By Kurtis Schaeffer (University of Virginia, 2009)
Secret Mantra is the second of the Kangyur's two main divisions, and contains the esoteric scriptures, or tantras (D.362-D.852). The main part of the tantra section (D.362-D.833) comprises twenty volumes, though the Degé edition of the Kangyur contains an additional three-volume section labeled Ancient Tantras (རྙིང་རྒྱུད་, rnying rgyud, D.834-D.852).
The tantra section proper is organized first by the hierarchical scheme of topical classification commonly known as the Four Classes of Tantra (རྒྱུད་སྡེ་བཞི་, rgyud sde bzhi), which was formalized for the Tibetan tradition by Butön Rinchendrup (བུ་སྟོན་རིན་ཆེན་གྲུབ་, bu ston rin chen grub, 1290-1364).

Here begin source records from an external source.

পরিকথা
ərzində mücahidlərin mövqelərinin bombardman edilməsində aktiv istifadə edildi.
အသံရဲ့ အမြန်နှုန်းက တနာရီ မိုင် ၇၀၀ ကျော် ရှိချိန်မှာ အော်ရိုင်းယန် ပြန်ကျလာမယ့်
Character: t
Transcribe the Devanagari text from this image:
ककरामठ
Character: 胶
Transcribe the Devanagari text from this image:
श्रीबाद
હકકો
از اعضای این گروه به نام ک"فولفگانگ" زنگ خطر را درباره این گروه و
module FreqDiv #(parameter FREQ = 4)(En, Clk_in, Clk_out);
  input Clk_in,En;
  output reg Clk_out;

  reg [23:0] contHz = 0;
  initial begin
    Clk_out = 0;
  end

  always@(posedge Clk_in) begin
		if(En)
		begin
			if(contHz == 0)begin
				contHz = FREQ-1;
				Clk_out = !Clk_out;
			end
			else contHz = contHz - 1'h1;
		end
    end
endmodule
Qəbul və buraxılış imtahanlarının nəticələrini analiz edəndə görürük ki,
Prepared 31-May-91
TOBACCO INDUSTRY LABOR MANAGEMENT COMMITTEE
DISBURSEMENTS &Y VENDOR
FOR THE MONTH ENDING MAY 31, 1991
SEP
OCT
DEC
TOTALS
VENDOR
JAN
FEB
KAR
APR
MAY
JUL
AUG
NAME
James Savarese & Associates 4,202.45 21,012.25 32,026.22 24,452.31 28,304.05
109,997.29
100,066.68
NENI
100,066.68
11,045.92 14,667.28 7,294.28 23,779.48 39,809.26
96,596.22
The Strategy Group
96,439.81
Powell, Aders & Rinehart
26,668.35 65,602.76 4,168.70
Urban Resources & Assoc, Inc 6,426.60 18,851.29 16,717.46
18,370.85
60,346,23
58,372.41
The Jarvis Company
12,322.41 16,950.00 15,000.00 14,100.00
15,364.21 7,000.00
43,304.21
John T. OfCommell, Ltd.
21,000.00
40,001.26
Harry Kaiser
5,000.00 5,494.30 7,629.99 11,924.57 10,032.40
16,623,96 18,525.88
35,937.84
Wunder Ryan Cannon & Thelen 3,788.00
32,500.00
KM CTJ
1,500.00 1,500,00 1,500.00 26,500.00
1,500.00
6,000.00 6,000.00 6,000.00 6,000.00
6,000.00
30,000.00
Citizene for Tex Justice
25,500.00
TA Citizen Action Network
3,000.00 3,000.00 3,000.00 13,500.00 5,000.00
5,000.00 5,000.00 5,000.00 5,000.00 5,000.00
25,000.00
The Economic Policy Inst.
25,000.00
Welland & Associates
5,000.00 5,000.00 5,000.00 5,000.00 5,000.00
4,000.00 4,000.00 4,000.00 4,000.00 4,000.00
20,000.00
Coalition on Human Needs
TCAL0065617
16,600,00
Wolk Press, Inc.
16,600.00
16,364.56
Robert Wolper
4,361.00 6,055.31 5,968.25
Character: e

The Degé Kangyur orders these four classes from highest to lowest, beginning with Highest Yoga Tantra (བླ་མེད་རྣལ་འབྱོར་རྒྱུད་, bla med rnal ’byor rgyud, anuttarayogatantra) in seven volumes (D.362-D.480). This is followed by Yoga Tantra (རྣལ་འབྱོར་རྒྱུད་, rnal ’byor rgyud, yogatantra) in two-and-a-half-volumes (D.481-D.495), Performance Tantra (སྤྱོད་རྒྱུད་, spyod rgyud, caryātantra) in one volume (D.496-D.503), and finally Action Tantra (བྱ་རྒྱུད་, bya rgyud, kriyātantra) in ten volumes (D.504-D.814).
The most prominent tantras in the Tibetan tradition begin each of these sections, such as the Recital of the Names of Manjushri (འཇམ་དཔལ་མཚན་བརྗོད་, ’jam dpal mtshan brjod, mañjuśrīnāmasaṁgīti, D.362, beginning the Highest Yoga class), the Compendium of Principles (དེ་ཁོ་ན་ཉིད་བསྡུས་པ་, de kho na nyid bsdus pa, tattvasaṁgraha, D.481, beginning the Yoga class), the Enlightenment of Mahāvairocana (རྣམ་སྣང་མངོན་བྱང་, rnam snang mngon byang, mahāvairocanābhisambodhi, D.496, beginning the Performance class), and the Three Commitments (དམ་ཚིག་གསུམ་བཀོད་, dam tshig gsum bkod, trisamayavyūha, D.504, beginning the Action class). The major tantras and then ancillary works follow in each section. Note that some of the works in the Tantra section (for example, most of D.693-D.810) are not strictly tantras, but rather dhāraṇīs, or ritual spells, which may be classed in the tantra or sūtra sections.
The main Tantra section concludes with with a short collection of dedications, aspirational prayers, and good-luck prayers (D.815-D.833). These works, however, are followed by three related sections that might well be considered an extension of the Tantra collection, namely the Ancient Tantras (རྙིང་མའི་རྒྱུད་, rnying ma’i rgyud, D.834-D.852), the Collected Spells གཟུངས་འདུས་, gzungs ’dus, D.854-D.1118), and the Stainless Light commentary on the Wheel of Time Tantra (D.853). The Ancient Tantra section is not included in Situ Panchen's catalog, though the latter two sections are. Here in the THL Catalog, we have placed the Ancent Tantras in the main Tantra section. However, we have given the Collected Spells and the Wheel of Time Commentary their own independent sections, as Situ’s catalog separates them from from the Tantra section, treating them something like appendices.